The researchers tested the performance of npScarf on two Klebsiella pneumonia strains. They first sequenced the genomes on an Illumina MiSeq to 250-fold coverage and assembled them with the SPAdes assembler, generating assemblies of 90 and 69 contigs each, with an N50 of 288 kb and 302 kb.
Next, they sequenced each genome on the MinIon. For the first strain, they generated 185 Mb of sequence data, or 33-fold coverage, 27 Mb of which were 2D reads. For the second strain, they had to do two sequencing runs on the MinIon and the combined sequencing data yielded 100 Mb, or 18-fold coverage, 22.5 Mb of which were 2D reads.
During analysis, the pipeline continuously updated the assembly statistics, including the number of contigs, the N50, and the number of circular sequences.
For the first strain, assembly was complete after using less than 120 Mb of nanopore sequence data, reducing the number of contigs to four from 90, one of which was circularized. To validate the assembly, the researchers aligned it to the reference genome, which contained 16 contigs in five scaffolds.
On doing so, the researchers found that two contigs in the reference genome were oriented incorrectly and also identified a plasmid sequence in their hybrid assembly that was in a gap in the reference genome.
They also found that one of the reference scaffolds, which seemed to represent the bacterial chromosome, was fragmented into two contigs in the hybrid assembly. On further examination, the researchers identified that the two contigs were separated by an rRNA operon that was not present in any of the nanopore reads.

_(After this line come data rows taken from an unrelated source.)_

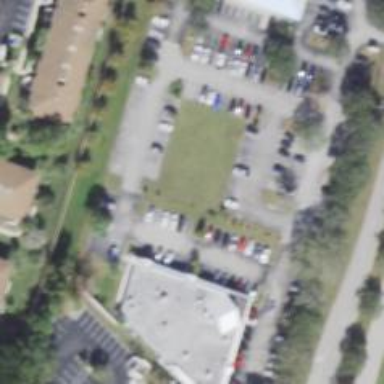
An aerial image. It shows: Parking space.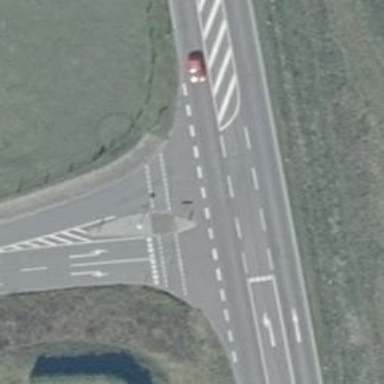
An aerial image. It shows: Traffic calming island.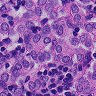
Metastatic tissue present: yes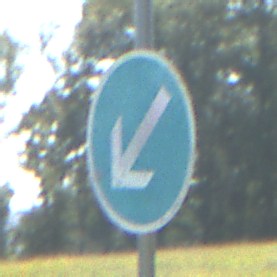
Verkehrszeichen: VorgeschriebeneVorbeifahrtLinks
Umgebung: Outdoor, Nature
Tageszeit: Midday
Wetter: Clear
Licht: Natural
Jahreszeit: NotSpecified
Kontrast: HighContrast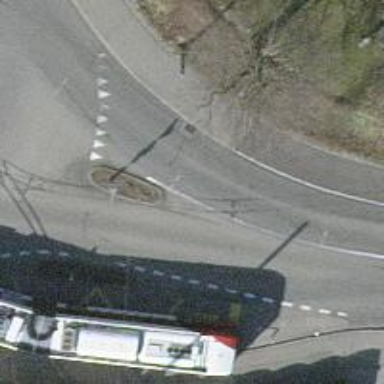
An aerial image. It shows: Residential road with trolley wires.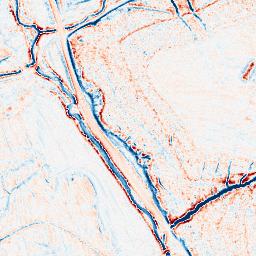
Category: classical
Decomposition family: gaussian_anisotropic
Decomposition parameters: sigma_x: 2
sigma_y: 2
Upsampling method: sinc_hamming
Upsampling parameters: scale: 4
kernel_size: 16
Upsampling scale: 4
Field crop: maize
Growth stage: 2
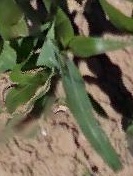
Species: maize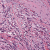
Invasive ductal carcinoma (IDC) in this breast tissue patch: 1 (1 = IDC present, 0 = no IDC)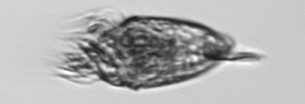
Label: Tontonia_appendiculariformis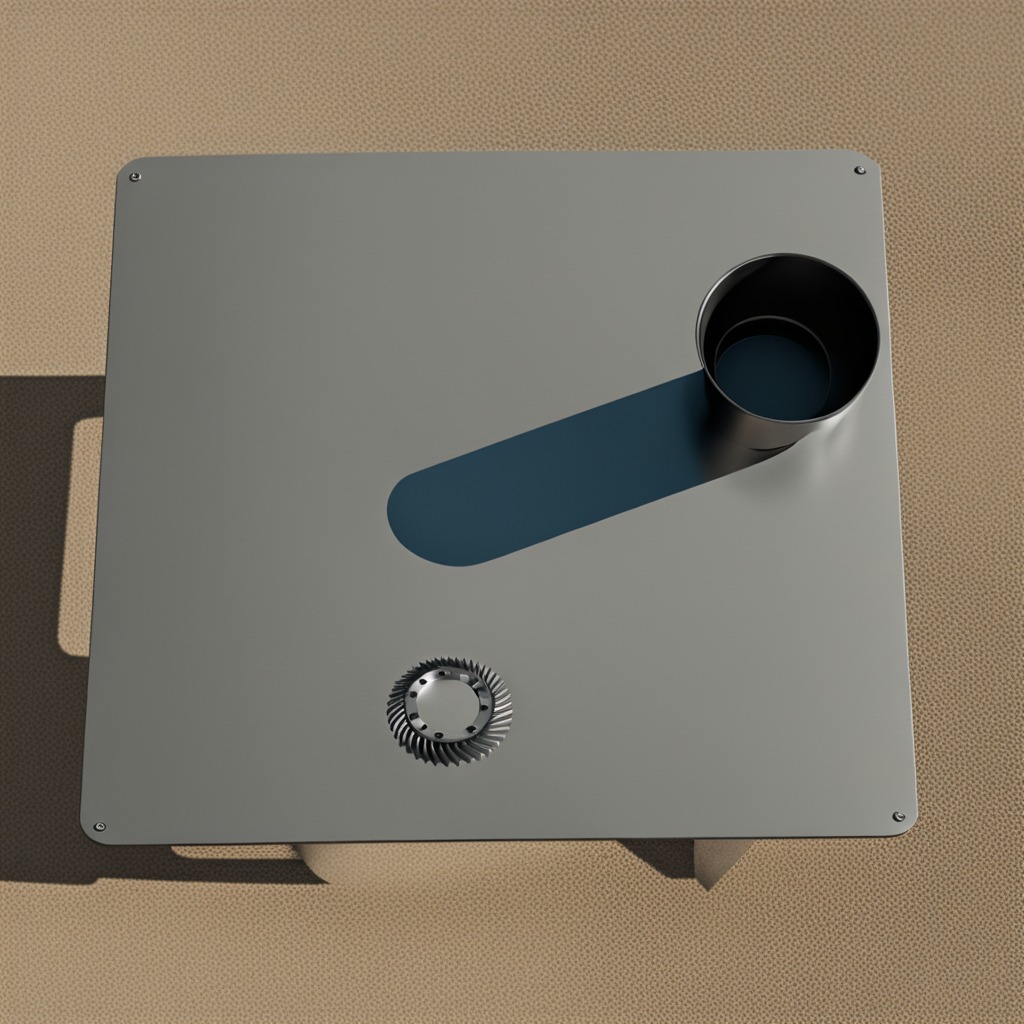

They anticipated that fragmentation could be resolved with additional nanopore sequence data.
Next, they looked at npScarf's ability to identify genes within genomic islands and plasmids by comparing it with an annotation of the Illumina-only assembly.
They found that npScarf identified the six genomic islands the prior annotation found, as well as four additional islands, one of which contained three antibiotic resistance genes. The genomic island was likely not identified by the previous annotation because of the presence of repetitive sequences, which "caused the island to be fragmented into 10 contigs in the Illumina assembly," the authors wrote.
Developing a hybrid assembler for the MinIon is "the first step toward a completely de novo assembler," Coin said. And, he added, it will be a good tool for the lab to use to improve on assemblies it has already done that are based off of Illumina data. "There's complementarity in these technologies," Coin said of the Illumina and Oxford Nanopore sequencers.
The researchers now plan to use npScarf to go through their collection of Illumina-based bacterial assemblies to better understand the transfer of antibiotic resistance, Coin said.
In addition, Cao said they are looking at tweaking npScarf to be able to assemble metagenomes in real time.
Ultimately, the goal is to perform the sequencing and assembly in real time on clinical samples, Coin said, "to rapidly identify when a patient has an antibiotic resistance infection, with the aim of giving them the right drug."